Anatomical stability during proton beam therapy of uveal melanoma

Uveal melanoma (UM) is the most common malignant primary tumour of the eye in
Caucasian adults, where it represents 79-88% of primary intraocular cancers.
About 90% of uveal melanomas arise from the choroid, 5-10% from the ciliary
body and 2-3% from the iris.

The objectives of treatment are primarily to prevent metastasis and secondary
to conserve the eye and vision. The treatment modalities for managing UM
include, on one hand eye preserving therapies such as plaque brachytherapy,
proton beam radiotherapy, stereotactic radiotherapy and local tumour resection,
and on the other hand enucleation.

The optimal therapy is primarily determined on the size and location of the
tumour and secondarily on the presence of extrascleral extension of the tumour.
Proton beam therapy, an external radiation therapy with protons, is the optimal
treatment to spare the eye for larger tumours (thickness > 7 mm or basal
diameter > 16) or smaller tumours located in close proximity of the optic
nerve3.

After the diagnostic work-up, the patient will undergo surgical placement of
tantalum markers. These are placed at the tumour border on the sclera and serve
as radiographic markers of the tumour edge for treatment planning and daily
image guidance. Two weeks after surgery, the patient undergoes a radiation
simulation in which an immobilization device is prepared and the markers are
imaged on X-ray for confirmation of the 3D-clipposition in the eye. Finally,
the treatment plan can be completed and treatment can be performed.

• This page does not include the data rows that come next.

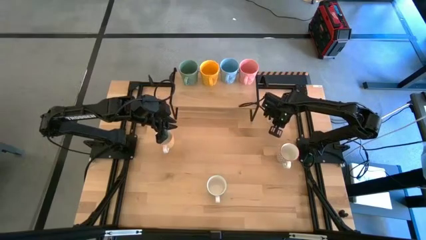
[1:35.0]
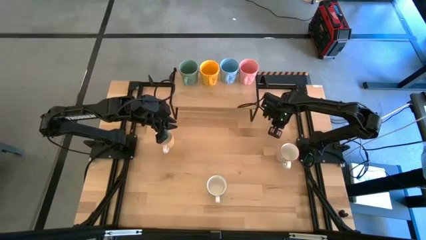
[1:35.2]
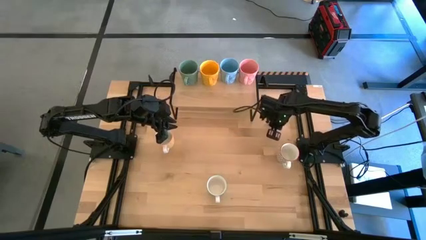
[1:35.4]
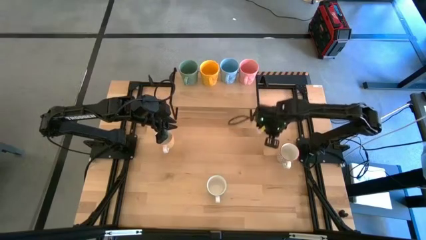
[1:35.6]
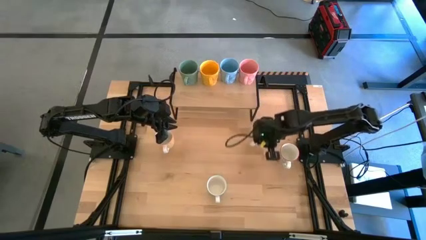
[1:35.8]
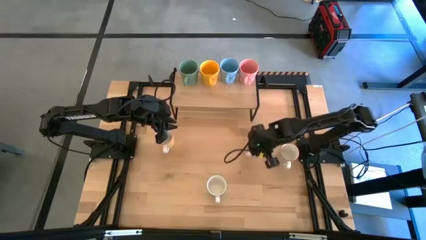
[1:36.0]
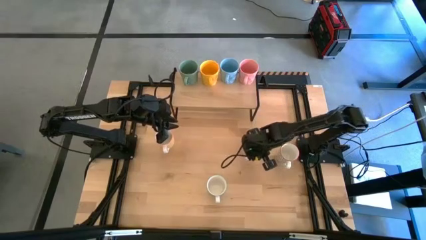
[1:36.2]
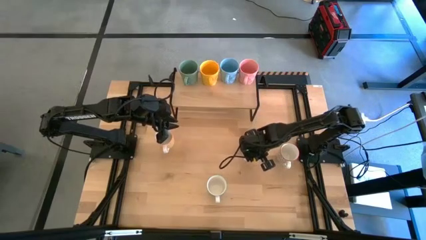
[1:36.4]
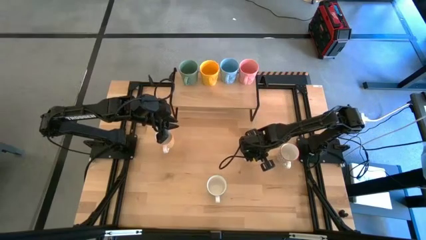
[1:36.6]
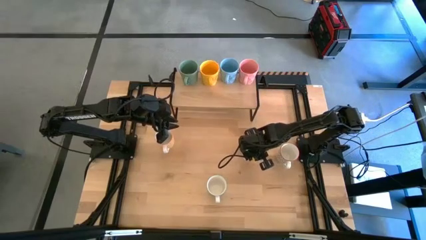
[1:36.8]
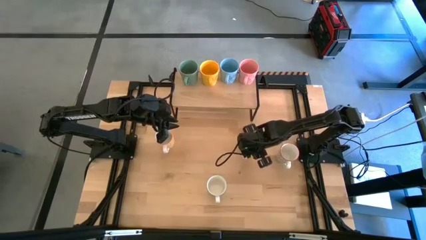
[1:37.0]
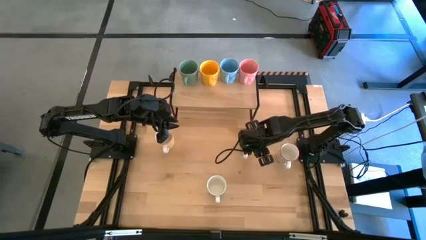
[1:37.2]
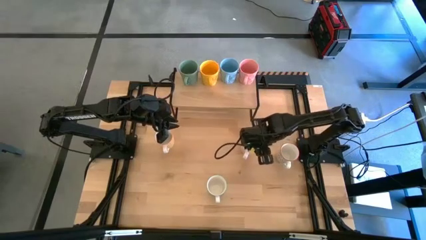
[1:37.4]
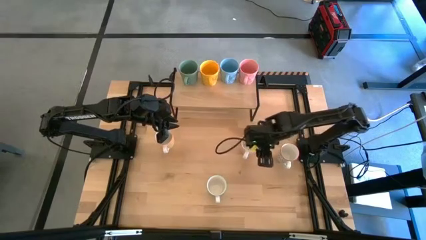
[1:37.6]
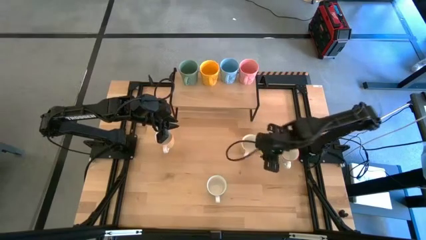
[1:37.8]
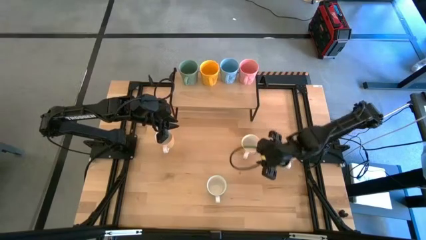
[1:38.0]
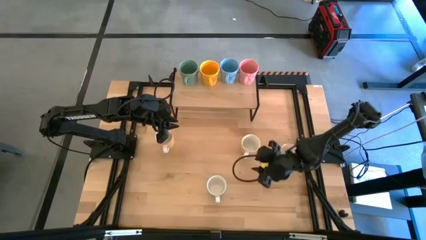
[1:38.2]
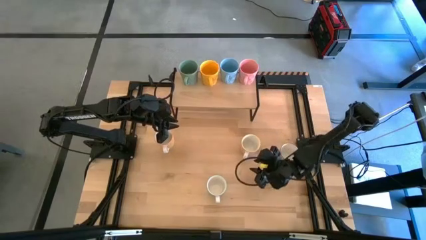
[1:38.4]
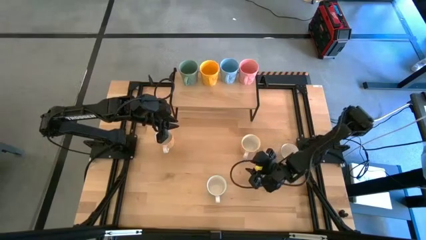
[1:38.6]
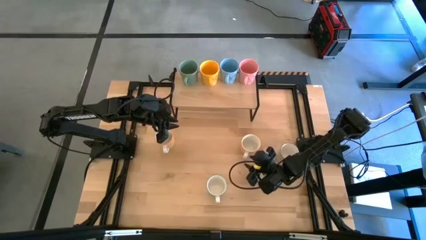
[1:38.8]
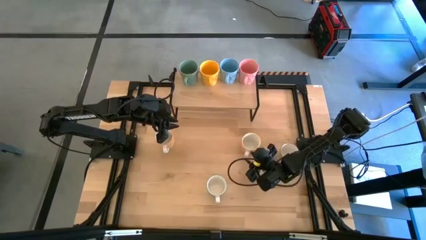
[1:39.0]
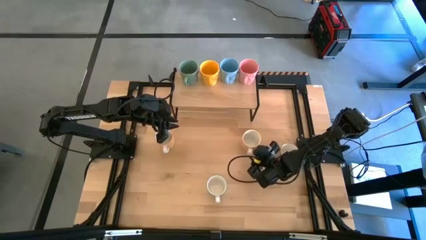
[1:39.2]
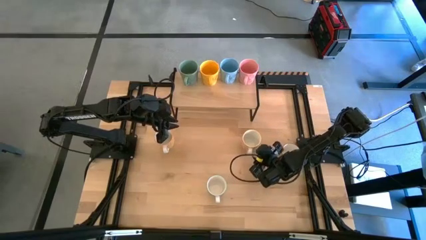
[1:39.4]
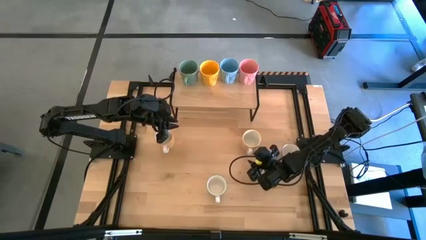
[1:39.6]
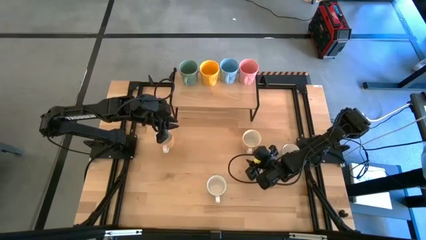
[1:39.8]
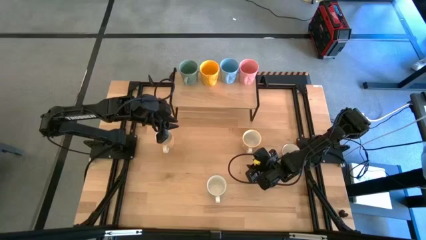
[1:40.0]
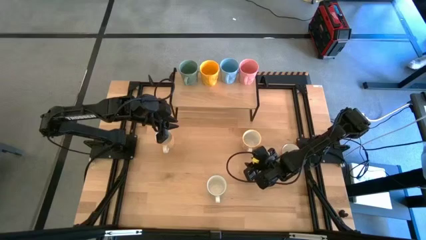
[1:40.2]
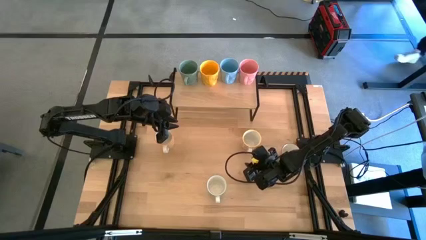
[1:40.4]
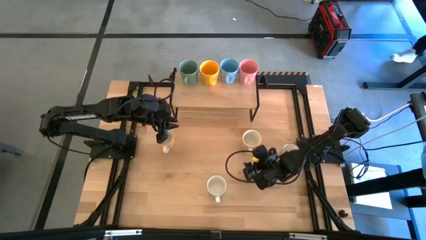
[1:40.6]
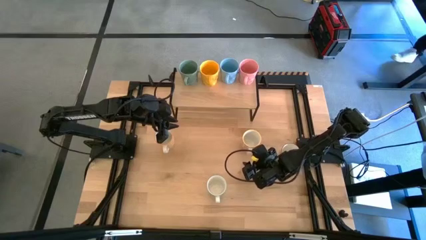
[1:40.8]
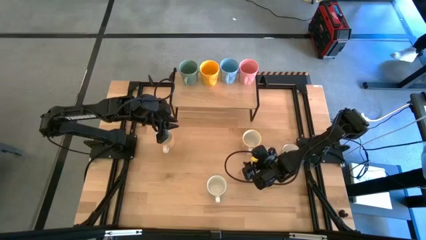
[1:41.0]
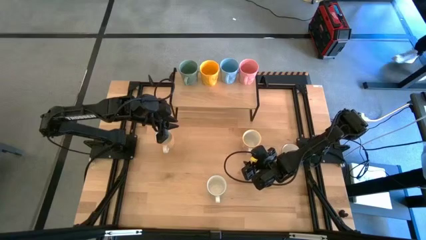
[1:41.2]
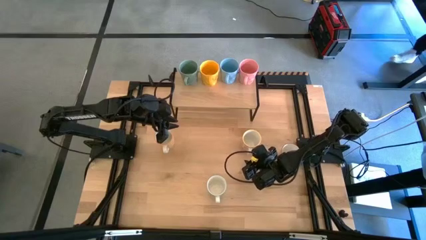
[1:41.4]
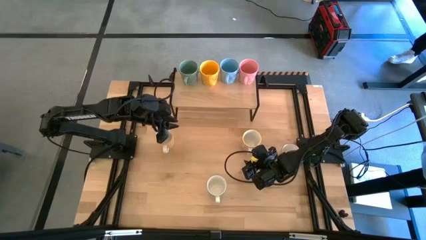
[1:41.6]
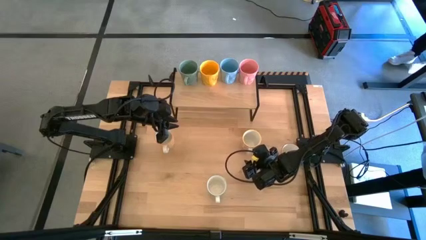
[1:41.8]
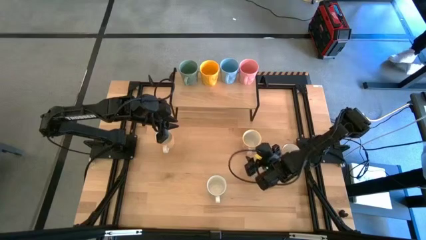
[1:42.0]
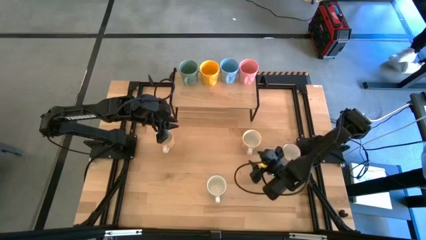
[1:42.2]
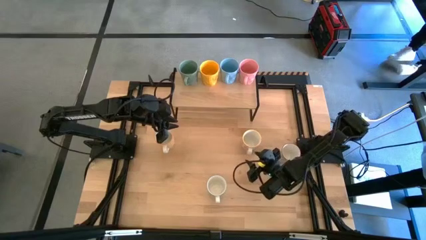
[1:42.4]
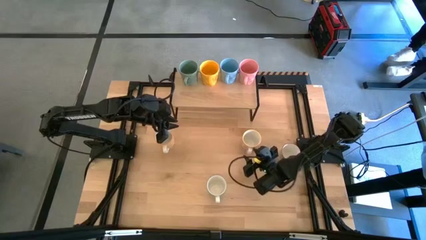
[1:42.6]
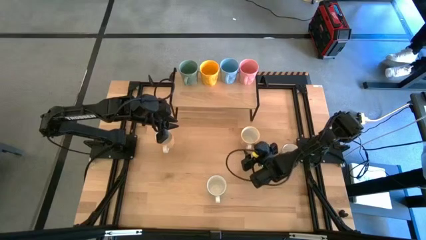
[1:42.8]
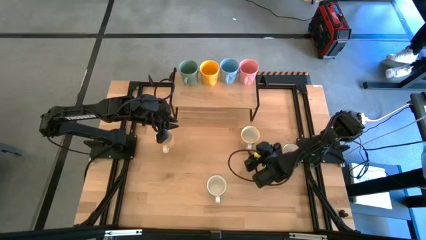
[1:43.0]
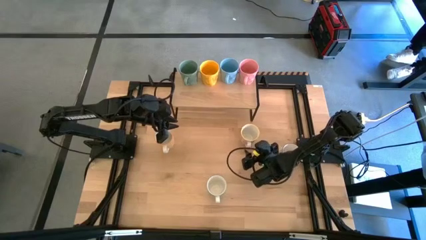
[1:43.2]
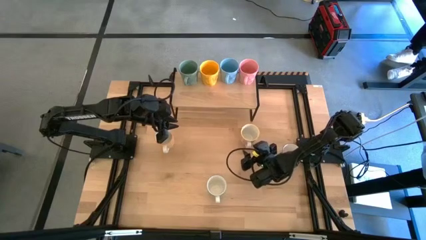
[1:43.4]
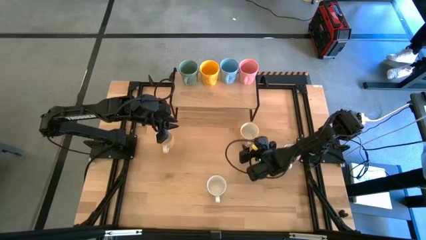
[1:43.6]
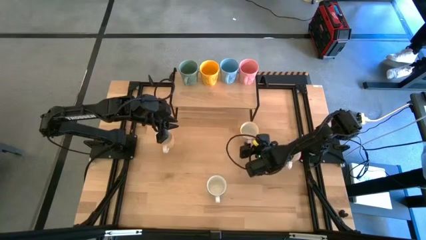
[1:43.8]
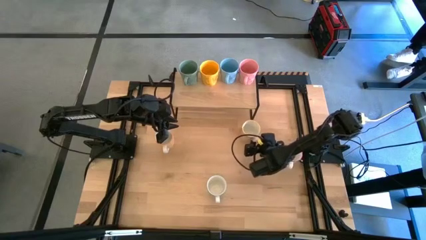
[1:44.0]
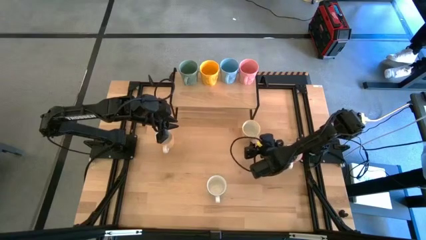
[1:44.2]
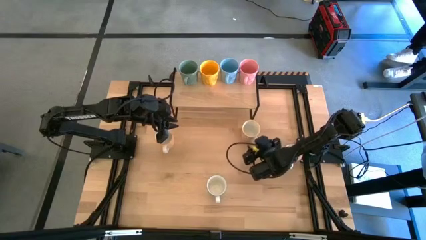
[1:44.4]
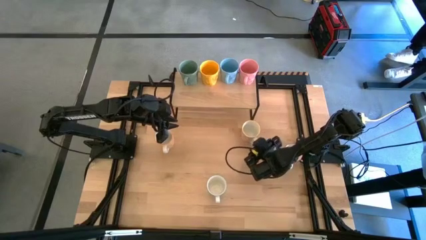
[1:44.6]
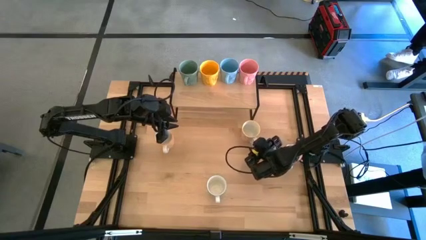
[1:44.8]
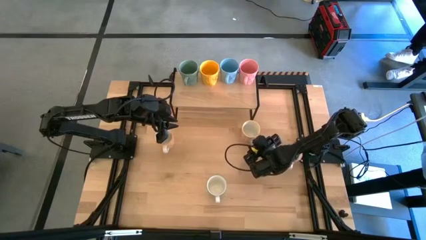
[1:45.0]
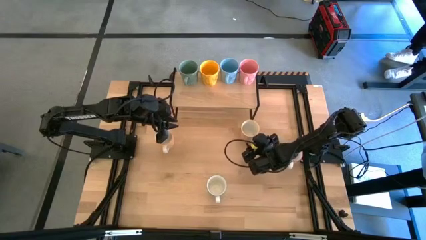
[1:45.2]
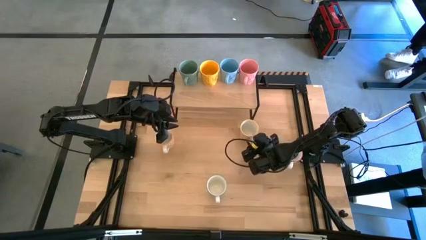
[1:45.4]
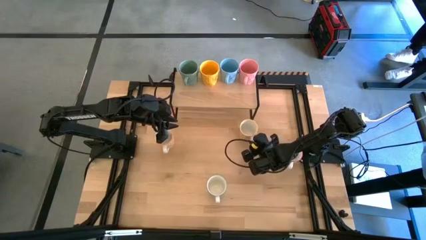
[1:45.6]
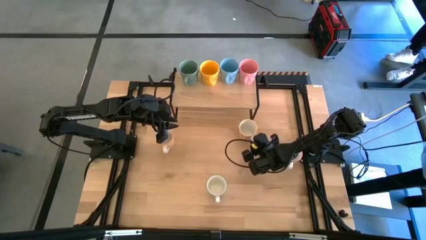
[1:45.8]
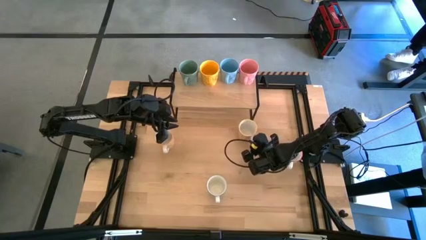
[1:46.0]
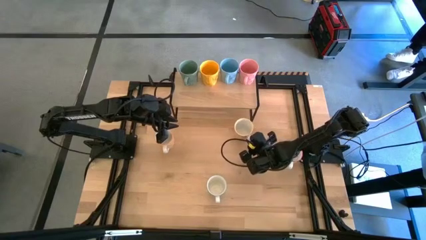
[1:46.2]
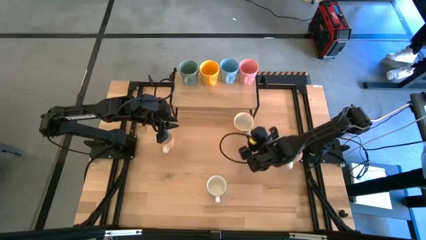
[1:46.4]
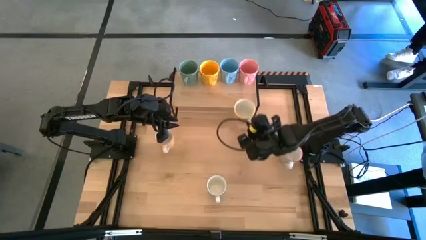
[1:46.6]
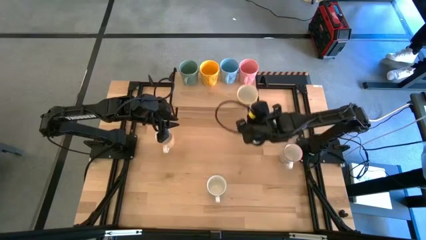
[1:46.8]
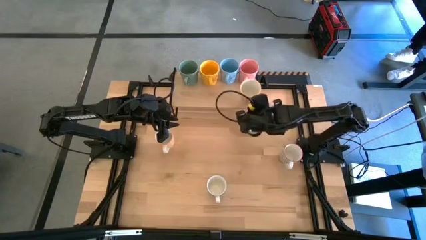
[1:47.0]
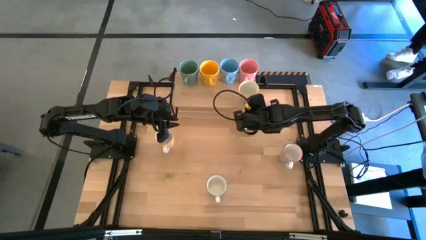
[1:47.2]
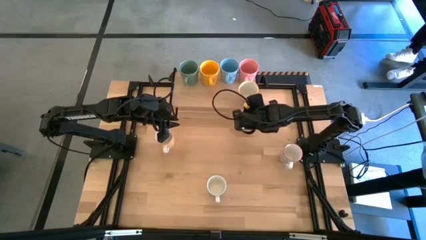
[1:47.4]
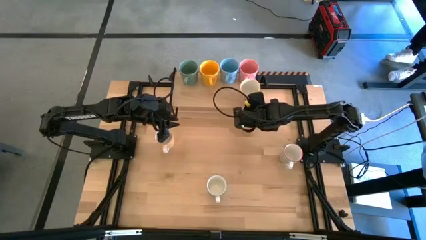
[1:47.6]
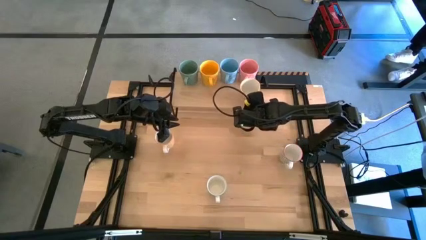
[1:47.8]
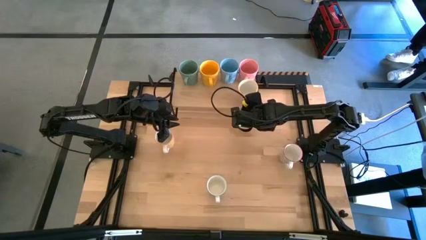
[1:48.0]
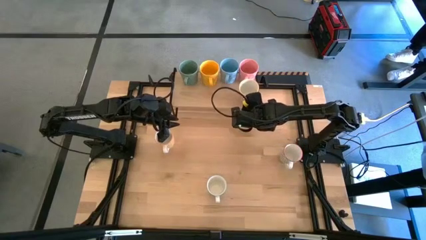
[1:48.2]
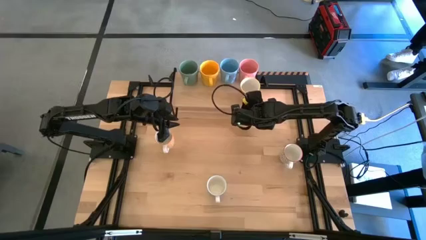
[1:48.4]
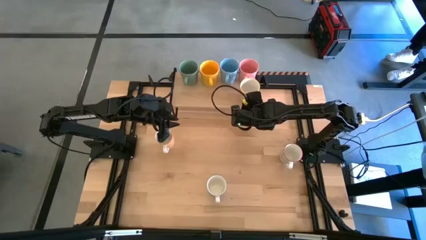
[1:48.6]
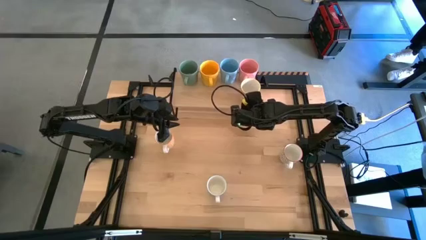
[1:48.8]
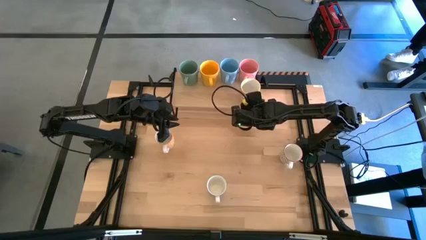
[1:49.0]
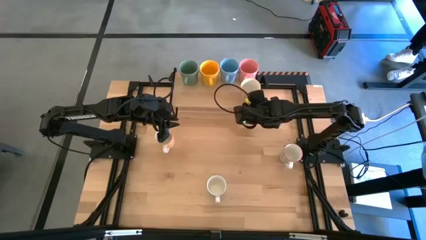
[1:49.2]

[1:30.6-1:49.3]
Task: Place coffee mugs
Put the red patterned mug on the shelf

In the planning of PBT for other tumours more advanced image based planning is
performed sometimes even with adaptive planning. Where the treatment plan is
adjusted daily based imaging. PBT planning for UM is based on 2D imaging and
manual measurements. These measurements are translated into a 3D model. In the
treatment only a 0.8 mm margin is included for the measurements errors. Slight
cumulative errors can lead to underdosage of the tumour increasing risk of
reoccurrence and metastasis.

As the tumour localization is currently exclusively based on the marker
position it is imperative to obtain insight into the stability of the clip
position and surrounding structures over time.

It is assumed that the tumour, clips and the surrounding tissue remains stable
during treatment however, it has been shown that the tumour enlarges (due to
welling) in the first month after treatment. Changes in tumour size might lead
to underdosage of the tumour. This research aims to evaluate the accuracy of
the current treatment (planning) method and find opportunities to improve
treatment and move to MRI-based treatment planning.

We aim to assess the stability of the ocular structures and tantalum clips
during the complete PBT treatment, so no part of the tumour is missed during
radiotherapy, to reduce the total burden for the patient.

The study is a multi center longitudinal study: the patients will be included
at the LUMC, after which the MRI-scans for the study will take place in
HollandPTC. The study will include fifteen patients undergoing proton beam
therapy for uveal melanoma. On average one patient per 2-3 weeks will be
included. The additional MRIs will take approximately thirty minutes and will
be scanned with. The duration of the study will be approximately one year.

The risks of this study are the standard risks related to MRI. These risks will
be minimized by screening the subjects through a questionnaire for MRI safety
prior to the examination. The questionnaire will cover the risk factors
associated with MRI. Based on the answers the subject will be allowed or not
allowed to go into the scanner. Certified researchers/technicians will assist
to maintain overall safety of the subject.